Uluslar arası toplumun ağırlıklı olarak bu işe seyirci kalmasının yanında, Türkiye hariç İslam ülkelerinin önde gelenleri de kabuğuna çekilerek ‘bana dokunmayan bin yaşasın’ politikası izlemişlerdir.
Suriye konusu bölgede değişimin bir dönüm noktası, ya da derin planları olanlar için bir başlangıç noktası olma izlenimini veriyor.
Çözüm âdeta askıya alınmış, kargaşa ve vahşete prim verilirken olayın boyutlarının sanki Suriye’nin de sınırlarının dışına çıkması için süre tanınmış.
Mali’de yaşanan iç çatışmaları önlemek için, BM hemen karar almış, Fransa olaya müdahale etmiştir. Fransa aynı zamanda Libya krizinde de alelacele harekete geçerek Kaddafi’yi bombalamıştı. Diğerleri de desteklemişti. Konseyin alacağı insani kararlar elbette desteklenmeli.

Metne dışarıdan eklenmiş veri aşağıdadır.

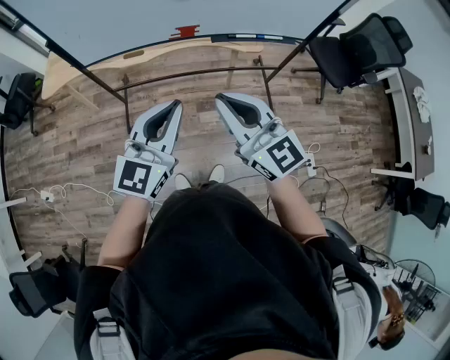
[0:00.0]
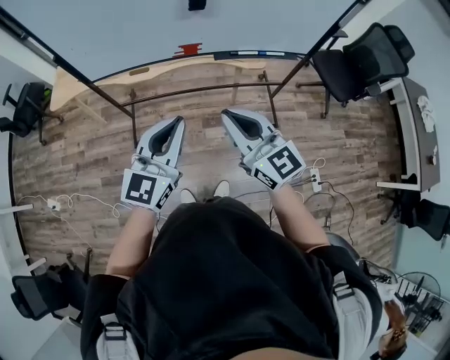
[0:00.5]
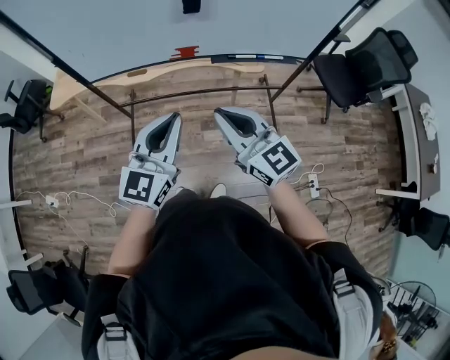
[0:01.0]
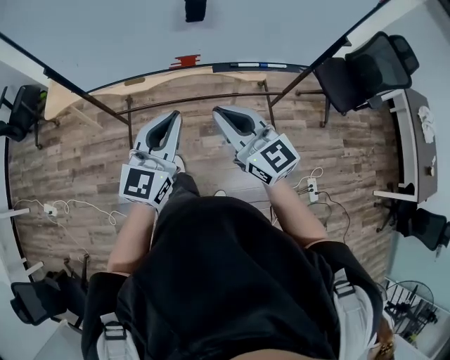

Ancak, sınır komşumuz olan Suriye olayında sessiz kalınmış, vahşete göz yumulmuştur.
Böyle bir ciddi olayı askıya almaları ise, Suriye konusunda farklı beklentilerin olduğu izlenimin veriyor. Bu kadar gecikme ise BM güvenlik konseyinin güvenini yitirdiğinin ve adil davranmadığının göstergesi oluyor.